Идеал. История Эрика, писателя - страница 13



«Войдя в эти ворота, я словно бы вошёл к себе домой, – писал автор. – Никто не удивился моему приходу, мне был оказан тёплый прием, и я, накормленный и отдохнувший в старом семейном отеле, ощутил спокойствие и умиротворение, решив задержаться здесь на некоторое время».

Эрик поражённо вкинул голову. Как это… похоже на его собственную историю!

Далее господин Пу описывал, что пробыл тут несколько месяцев, и по прошествии этого времени, крайне быстро обретя друзей и работу, поселился в одном из домов с садиком вдалеке от центра городка и стал считать себя коренным жителем.

«Если бы меня через некоторое время спросили, где я жил раньше, я бы ответил, что нигде, – мне казалось, что вся моя жизнь была, есть и будет в Луунвиле».

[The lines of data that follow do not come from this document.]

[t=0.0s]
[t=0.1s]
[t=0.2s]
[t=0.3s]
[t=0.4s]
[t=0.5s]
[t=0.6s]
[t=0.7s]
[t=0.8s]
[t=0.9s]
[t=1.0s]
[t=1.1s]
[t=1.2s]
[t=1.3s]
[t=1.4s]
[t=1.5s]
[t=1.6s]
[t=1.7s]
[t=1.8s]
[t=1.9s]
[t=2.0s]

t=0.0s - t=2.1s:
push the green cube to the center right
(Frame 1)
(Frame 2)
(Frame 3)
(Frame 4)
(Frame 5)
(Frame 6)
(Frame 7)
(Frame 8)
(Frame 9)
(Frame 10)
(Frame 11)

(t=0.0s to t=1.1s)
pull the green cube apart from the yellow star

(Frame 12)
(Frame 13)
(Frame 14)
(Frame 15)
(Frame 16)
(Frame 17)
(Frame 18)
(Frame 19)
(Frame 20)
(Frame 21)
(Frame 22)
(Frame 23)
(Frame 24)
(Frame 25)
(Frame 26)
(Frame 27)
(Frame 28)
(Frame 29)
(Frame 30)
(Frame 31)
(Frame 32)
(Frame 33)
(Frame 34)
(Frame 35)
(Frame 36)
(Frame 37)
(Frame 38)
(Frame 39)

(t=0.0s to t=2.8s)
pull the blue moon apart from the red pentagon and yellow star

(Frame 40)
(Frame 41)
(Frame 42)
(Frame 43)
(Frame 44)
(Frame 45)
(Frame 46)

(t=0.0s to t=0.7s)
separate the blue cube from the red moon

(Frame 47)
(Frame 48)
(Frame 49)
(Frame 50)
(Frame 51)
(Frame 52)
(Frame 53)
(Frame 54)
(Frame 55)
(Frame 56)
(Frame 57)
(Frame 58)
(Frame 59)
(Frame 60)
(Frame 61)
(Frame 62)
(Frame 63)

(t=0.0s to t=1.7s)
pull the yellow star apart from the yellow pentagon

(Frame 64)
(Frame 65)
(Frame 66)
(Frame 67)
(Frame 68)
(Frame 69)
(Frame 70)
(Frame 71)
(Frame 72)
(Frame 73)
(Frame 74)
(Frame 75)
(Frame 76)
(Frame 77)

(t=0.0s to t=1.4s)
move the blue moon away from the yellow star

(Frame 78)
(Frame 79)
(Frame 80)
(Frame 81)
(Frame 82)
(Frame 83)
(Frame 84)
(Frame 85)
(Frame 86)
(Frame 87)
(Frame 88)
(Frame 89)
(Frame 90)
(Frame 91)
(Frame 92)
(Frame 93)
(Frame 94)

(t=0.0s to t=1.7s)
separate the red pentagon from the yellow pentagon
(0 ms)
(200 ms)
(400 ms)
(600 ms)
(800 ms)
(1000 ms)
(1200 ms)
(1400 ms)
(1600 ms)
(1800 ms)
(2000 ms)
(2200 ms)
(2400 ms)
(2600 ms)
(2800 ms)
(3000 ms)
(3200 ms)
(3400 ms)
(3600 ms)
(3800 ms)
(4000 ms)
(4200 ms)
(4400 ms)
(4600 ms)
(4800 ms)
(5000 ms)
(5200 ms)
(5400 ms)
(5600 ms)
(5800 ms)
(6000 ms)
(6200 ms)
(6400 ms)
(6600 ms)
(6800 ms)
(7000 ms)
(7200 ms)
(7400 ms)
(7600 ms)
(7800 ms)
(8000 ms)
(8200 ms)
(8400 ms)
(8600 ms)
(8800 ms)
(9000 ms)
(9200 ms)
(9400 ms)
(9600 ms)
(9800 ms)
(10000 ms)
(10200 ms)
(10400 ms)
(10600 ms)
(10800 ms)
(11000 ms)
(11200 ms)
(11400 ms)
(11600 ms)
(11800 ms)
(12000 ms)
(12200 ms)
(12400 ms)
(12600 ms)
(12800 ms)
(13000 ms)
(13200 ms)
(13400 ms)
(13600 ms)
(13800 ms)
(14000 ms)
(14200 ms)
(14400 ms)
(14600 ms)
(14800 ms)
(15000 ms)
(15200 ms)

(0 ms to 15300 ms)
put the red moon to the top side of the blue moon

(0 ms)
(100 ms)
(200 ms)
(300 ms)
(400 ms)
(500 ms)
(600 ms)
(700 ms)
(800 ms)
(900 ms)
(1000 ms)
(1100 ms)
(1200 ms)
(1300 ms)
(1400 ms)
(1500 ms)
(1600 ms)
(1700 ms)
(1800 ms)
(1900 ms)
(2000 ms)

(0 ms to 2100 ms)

Парень отодвинул журнал и откинулся на стуле.

В груди зародилось зерно тревоги, сосущей тоски, и истерическая паника подступила к горлу. Это было что-то новое – впервые за долгое время он испытывал такие эмоции. Даже когда он только пришёл в себя – глядя в белый больничный потолок – он не ощущал страха. Он просто чувствовал себя переродившимся и чуть позже нашёл для себя объяснение: судьба дала ему второй шанс. Иногда – во сне – окружающие спрашивали, не любопытно ли ему узнать, что и как привело к потере памяти, но – нет, ему не было ни любопытно, ни странно, ни страшно, ни горестно, ни тоскливо. Он просто появился на свет – и всё тут.

Выцветший текст в пожелтевшем городском журнале внёс вихрем в его голову новое осознание себя.

Теперь Эрик был не просто парнем, которого приютил городок, он был настоящим Чужаком.

Но он был таким не один, не сам по себе. Когда-то в этот город попадали и другие Чужаки, и они становились местными, город их поглощал. Сколько времени это занимало? Они все теряли память?

В голове веером разлетелись сомнения.

Кто он на самом деле? Почему он оказался именно тут? Что с ним произошло? Есть ли связь его истории с историей автора, господина Пу?

Если вы не любите историю как науку, но любите её как литературу, то в вашей жизни обязательно наступит такой момент, когда вы пожалеете о своих предпочтениях и по необходимости начнёте любить историю именно как науку и ненавидеть как литературу. И так будет до тех пор, пока вы не признаете ценность обеих и не исключите одну из них из системы своего миропонимания навсегда.

Остальные журналы были посвящены событиям городской жизни – открытию фонтана на центральной площади, юбилею университета, пожару в частном отеле, воспоминаниям долгожителей и прочему. Каждая статья сопровождалась фотографиями, по всей видимости, сделанными самим автором. Они все были цветные, но на некоторых краски поменяли свой оттенок.

Эрик пролистал всю подшивку до конца, делая закладки на тех статьях, из которых можно было бы сделать кое-какие выписки для лекции, и уже хотел закрыть последний журнал, как на глаза ему попалась фотография маленькой рыжей девочки в коротком белом платьице на фоне большого красивого поля, где-то вдалеке виднелся лес. В руках девочка держала горшок с неизвестным цветком, она была очень хмурая и щурилась на яркий солнечный свет. Рядом стоял сам автор, господин Пу. Подпись гласила: «Первый день моей дочери в Луунвиле».

* * *

Чувство злости было настолько Кевину несвойственно, как это бывает несвойственно огромному домашнему псу, по которому топчутся маленькие дети, тягая здоровяка за уши и засовывая пальцы ему в нос. Но в вечном бурчании и бормотании он никогда не мог себе отказать. В своей густой бороде он спокойно скрывал изогнутые в ухмылке губы, но сдерживать себя и не высказывать всему миру своё недовольство было выше его сил.